Resumindo, tratava-se de um caso complicado. Qualquer outro diria que era incurável. Mas Mo Qiong tinha recursos e contratara uma equipe de especialistas para consulta conjunta. Dessa vez seria diferente.
Se não resolvessem, contrataria médicos ainda melhores.
Talvez em alguns meses, ou até anos, o pai estaria recuperado.
Luo Yi e os outros esperariam tanto tempo?
Mo Qiong não se importava. Não resolveria outra coisa antes de curar o pai. Podiam vigiá-lo o quanto quisessem; ele só queria cuidar do pai.
“Mais discussões? Está muito demorado...”, comentou Luo Yi.
Mo Qiong arqueou as sobrancelhas: “Não tem problema, é preciso analisar tudo antes da cirurgia. Eu posso esperar”.
Então Luo Yi sorriu: “Wei Lan, você não é médica? Poderia dar uma olhada no tio”.
Mo Qiong ficou surpreso ao ver Wei Lan se aproximar do especialista, sorrindo: “Posso ver os laudos?”
O especialista franziu o cenho e perguntou a Mo Qiong: “Do que se trata, senhor Mo?”
Ele não acreditava que Wei Lan fosse médica.
Mo Qiong ia recusar, mas, refletindo, sabia que Luo Yi não sugeriria algo sem motivo.
Afinal, não eram pessoas comuns; talvez tivessem algum artefato capaz de curar? Não, Luo Yi já dissera que todos os objetos eram contidos para não causar danos ao mundo — não poderiam portar nada assim. A capacidade de saltar no ar já era uma raridade.
Então era mesmo medicina convencional?
“Especialista, deixe-a dar uma olhada”, pediu Mo Qiong.
O especialista resmungou, mas permitiu.
Wei Lan examinou cuidadosamente todos os relatórios e imagens e declarou, confiante: “Não é grave, pode operar agora”.

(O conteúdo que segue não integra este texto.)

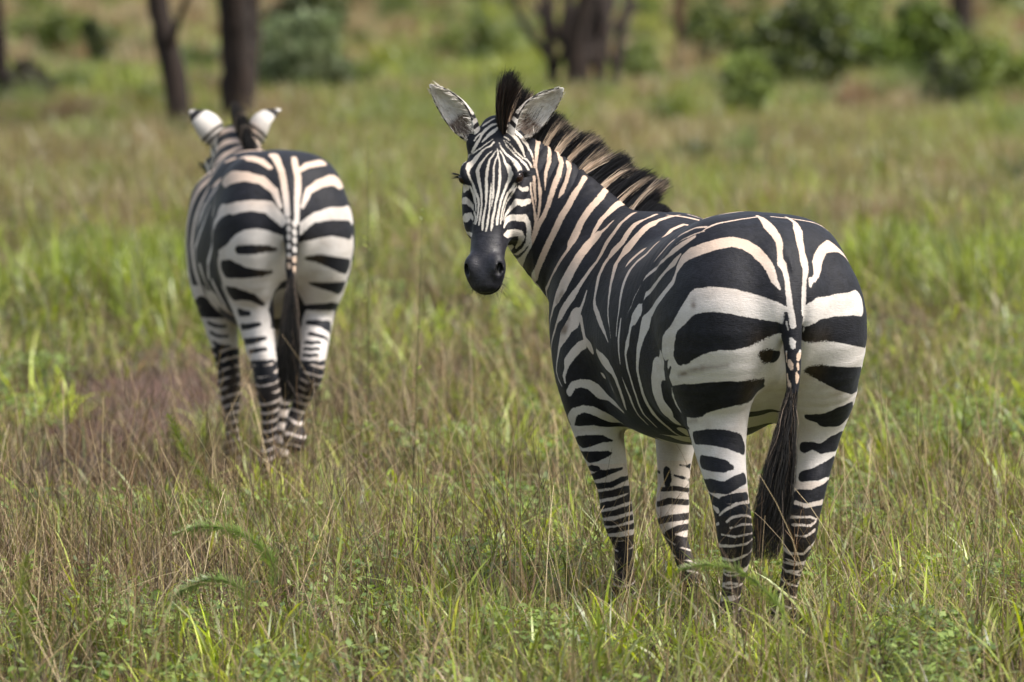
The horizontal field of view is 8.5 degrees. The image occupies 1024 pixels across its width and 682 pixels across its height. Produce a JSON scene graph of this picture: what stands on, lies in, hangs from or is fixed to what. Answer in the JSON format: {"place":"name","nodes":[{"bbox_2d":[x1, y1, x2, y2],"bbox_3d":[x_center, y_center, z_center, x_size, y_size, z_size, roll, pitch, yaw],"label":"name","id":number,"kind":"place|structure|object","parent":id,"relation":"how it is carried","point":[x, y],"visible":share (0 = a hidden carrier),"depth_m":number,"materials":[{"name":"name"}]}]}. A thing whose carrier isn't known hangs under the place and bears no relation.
{"place":"outdoors","nodes":[
{"label":"outdoors","id":0,"kind":"place"},
{"bbox_2d":[0,18,1022,681],"bbox_3d":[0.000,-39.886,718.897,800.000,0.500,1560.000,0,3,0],"label":"ground","id":1,"kind":"structure","parent":0,"point":[164,392],"depth_m":31.69,"materials":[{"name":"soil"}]},
{"bbox_2d":[0,0,40,107],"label":"savanna tree","id":2,"kind":"object","parent":1,"relation":"on","point":[5,76],"visible":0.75,"depth_m":77.15,"materials":[{"name":"brown plant"}]},
{"bbox_2d":[9,554,41,681],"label":"feathery frond","id":3,"kind":"object","parent":1,"relation":"on","point":[23,615],"visible":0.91,"depth_m":18.14,"materials":[{"name":"green plant"}]},
{"bbox_2d":[9,55,60,97],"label":"bush","id":4,"kind":"object","parent":1,"relation":"on","point":[25,67],"visible":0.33,"depth_m":79.69,"materials":[{"name":"green plant"}]},
{"bbox_2d":[5,0,95,57],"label":"bush","id":5,"kind":"object","parent":1,"relation":"on","point":[50,30],"visible":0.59,"depth_m":115.59,"materials":[{"name":"green plant"}]},
{"bbox_2d":[80,15,112,65],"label":"bush","id":6,"kind":"object","parent":1,"relation":"on","point":[93,30],"visible":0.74,"depth_m":96.82,"materials":[{"name":"green plant"}]},
{"bbox_2d":[147,0,191,126],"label":"savanna tree","id":7,"kind":"object","parent":1,"relation":"on","point":[165,31],"visible":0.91,"depth_m":67.64,"materials":[{"name":"brown plant"}]},
{"bbox_2d":[166,413,228,537],"bbox_3d":[-1.031,0.514,22.640,0.277,0.553,0.077,2,4,36],"label":"feathery frond","id":8,"kind":"object","parent":1,"relation":"on","point":[181,444],"visible":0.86,"depth_m":22.63,"materials":[{"name":"green plant"}]},
{"bbox_2d":[164,568,255,628],"bbox_3d":[-0.860,0.805,19.686,0.354,0.317,0.081,3,4,39],"label":"feathery frond","id":9,"kind":"object","parent":1,"relation":"on","point":[205,579],"visible":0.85,"depth_m":19.66,"materials":[{"name":"green plant"}]},
{"bbox_2d":[170,517,280,626],"bbox_3d":[-0.830,0.723,20.291,0.395,0.411,0.094,2,4,35],"label":"feathery frond","id":10,"kind":"object","parent":1,"relation":"on","point":[260,547],"visible":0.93,"depth_m":20.25,"materials":[{"name":"green plant"}]},
{"bbox_2d":[217,0,259,124],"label":"savanna tree","id":11,"kind":"object","parent":1,"relation":"on","point":[238,28],"visible":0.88,"depth_m":69.56,"materials":[{"name":"brown plant"}]},
{"bbox_2d":[186,100,354,487],"bbox_3d":[-0.988,-0.191,26.941,0.550,1.495,1.969,-1,3,-10],"label":"zebra","id":12,"kind":"object","parent":1,"relation":"on","point":[270,237],"visible":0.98,"depth_m":26.15,"materials":[{"name":"multicoloured"}]},
{"bbox_2d":[259,0,352,51],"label":"bush","id":13,"kind":"object","parent":1,"relation":"on","point":[295,7],"visible":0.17,"depth_m":115.43,"materials":[{"name":"green plant"}]},
{"bbox_2d":[257,5,357,91],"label":"bush","id":14,"kind":"object","parent":1,"relation":"on","point":[302,46],"visible":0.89,"depth_m":82.42,"materials":[{"name":"green plant"}]},
{"bbox_2d":[358,136,379,503],"bbox_3d":[-0.521,-0.048,25.043,0.092,1.394,0.082,-2,4,-32],"label":"grass stalk","id":15,"kind":"object","parent":1,"relation":"on","point":[366,423],"visible":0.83,"depth_m":25.05,"materials":[{"name":"green plant"}]},
{"bbox_2d":[368,534,376,595],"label":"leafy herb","id":16,"kind":"object","parent":1,"relation":"on","point":[372,554],"visible":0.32,"depth_m":21.36,"materials":[{"name":"green plant"}]},
{"bbox_2d":[404,209,424,496],"bbox_3d":[-0.341,0.116,24.240,0.094,1.162,0.080,-1,4,-22],"label":"grass stalk","id":17,"kind":"object","parent":1,"relation":"on","point":[412,433],"visible":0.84,"depth_m":24.25,"materials":[{"name":"green plant"}]},
{"bbox_2d":[435,574,452,611],"bbox_3d":[-0.200,0.790,20.340,0.071,0.202,0.122,0,3,0],"label":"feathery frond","id":18,"kind":"object","parent":1,"relation":"on","point":[442,581],"visible":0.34,"depth_m":20.36,"materials":[{"name":"green plant"}]},
{"bbox_2d":[440,597,449,632],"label":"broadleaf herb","id":19,"kind":"object","parent":1,"relation":"on","point":[443,600],"visible":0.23,"depth_m":19.76,"materials":[{"name":"green plant"}]},
{"bbox_2d":[415,1,525,60],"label":"bush","id":20,"kind":"object","parent":1,"relation":"on","point":[483,29],"visible":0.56,"depth_m":116.59,"materials":[{"name":"green plant"}]},
{"bbox_2d":[0,0,1023,255],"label":"savanna grass","id":21,"kind":"structure","parent":1,"relation":"on","point":[386,104],"depth_m":67.89,"materials":[{"name":"green plant"}]},
{"bbox_2d":[0,199,1023,681],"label":"leafy ground cover","id":22,"kind":"object","parent":1,"relation":"on","point":[942,635],"visible":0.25,"depth_m":21.68,"materials":[{"name":"green plant"}]},
{"bbox_2d":[514,0,641,87],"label":"savanna tree","id":23,"kind":"object","parent":1,"relation":"on","point":[583,32],"visible":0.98,"depth_m":82.38,"materials":[{"name":"brown plant"}]},
{"bbox_2d":[429,67,866,632],"bbox_3d":[0.496,0.044,20.776,0.772,1.748,1.707,-2,4,-33],"label":"zebra","id":24,"kind":"object","parent":1,"relation":"on","point":[712,342],"visible":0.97,"depth_m":20.40,"materials":[{"name":"multicoloured"}]},
{"bbox_2d":[621,36,675,87],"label":"bush","id":25,"kind":"object","parent":1,"relation":"on","point":[639,60],"visible":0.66,"depth_m":87.40,"materials":[{"name":"green plant"}]},
{"bbox_2d":[674,0,685,65],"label":"savanna tree","id":26,"kind":"object","parent":1,"relation":"on","point":[679,24],"visible":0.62,"depth_m":101.48,"materials":[{"name":"brown plant"}]},
{"bbox_2d":[678,0,741,71],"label":"bush","id":27,"kind":"object","parent":1,"relation":"on","point":[705,23],"visible":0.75,"depth_m":98.79,"materials":[{"name":"green plant"}]},
{"bbox_2d":[676,556,795,680],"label":"feathery frond","id":28,"kind":"object","parent":1,"relation":"on","point":[742,574],"visible":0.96,"depth_m":18.55,"materials":[{"name":"green plant"}]},
{"bbox_2d":[718,48,780,116],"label":"bush","id":29,"kind":"object","parent":1,"relation":"on","point":[737,67],"visible":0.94,"depth_m":75.65,"materials":[{"name":"green plant"}]},
{"bbox_2d":[728,0,861,96],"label":"bush","id":30,"kind":"object","parent":1,"relation":"on","point":[789,45],"visible":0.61,"depth_m":84.08,"materials":[{"name":"green plant"}]},
{"bbox_2d":[750,0,899,52],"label":"bush","id":31,"kind":"object","parent":1,"relation":"on","point":[860,8],"visible":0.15,"depth_m":105.73,"materials":[{"name":"green plant"}]},
{"bbox_2d":[845,594,862,663],"bbox_3d":[0.969,0.840,19.781,0.084,0.236,0.070,3,5,44],"label":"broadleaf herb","id":32,"kind":"object","parent":1,"relation":"on","point":[852,603],"visible":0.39,"depth_m":19.77,"materials":[{"name":"green plant"}]},
{"bbox_2d":[872,1,883,33],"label":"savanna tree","id":33,"kind":"object","parent":1,"relation":"on","point":[877,14],"visible":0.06,"depth_m":132.51,"materials":[{"name":"green plant"}]},
{"bbox_2d":[849,0,972,76],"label":"bush","id":34,"kind":"object","parent":1,"relation":"on","point":[923,26],"visible":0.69,"depth_m":91.85,"materials":[{"name":"green plant"}]},
{"bbox_2d":[942,582,955,629],"bbox_3d":[1.260,0.821,19.882,0.095,0.262,0.088,-2,4,-27],"label":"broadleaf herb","id":35,"kind":"object","parent":1,"relation":"on","point":[952,587],"visible":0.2,"depth_m":19.86,"materials":[{"name":"green plant"}]},
{"bbox_2d":[919,54,979,112],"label":"bush","id":36,"kind":"object","parent":1,"relation":"on","point":[944,85],"visible":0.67,"depth_m":75.68,"materials":[{"name":"green plant"}]},
{"bbox_2d":[949,0,973,45],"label":"savanna tree","id":37,"kind":"object","parent":1,"relation":"on","point":[963,10],"visible":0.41,"depth_m":118.15,"materials":[{"name":"brown plant"}]},
{"bbox_2d":[934,35,1023,99],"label":"bush","id":38,"kind":"object","parent":1,"relation":"on","point":[986,63],"visible":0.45,"depth_m":82.33,"materials":[{"name":"green plant"}]},
{"bbox_2d":[0,120,1023,681],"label":"dry grass","id":39,"kind":"structure","parent":0,"point":[178,562],"depth_m":22.61,"materials":[{"name":"plant"}]},
{"bbox_2d":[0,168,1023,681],"bbox_3d":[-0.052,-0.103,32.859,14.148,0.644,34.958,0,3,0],"label":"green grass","id":40,"kind":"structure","parent":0,"point":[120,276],"depth_m":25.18,"materials":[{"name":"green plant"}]}
]}

“O quê?” O especialista ficou indignado; ainda há pouco recomendara ao menos um mês de observação e discussões sobre o método.
E aquela jovem dizia que não era grave?
Como continuaria sendo especialista? Melhor deixar ela assumir.
“Não se pode operar assim, sem mais nem menos”, protestou o especialista.
Wei Lan respondeu: “Não é precipitação. O senhor é experiente; assim que ouvir meu método, vai entender”.
Ela então apontou para as imagens e explicou detalhadamente o procedimento: o que fazer primeiro, depois, que materiais seriam necessários, cuidados especiais, as dificuldades do caso, possíveis complicações — tudo exposto com precisão.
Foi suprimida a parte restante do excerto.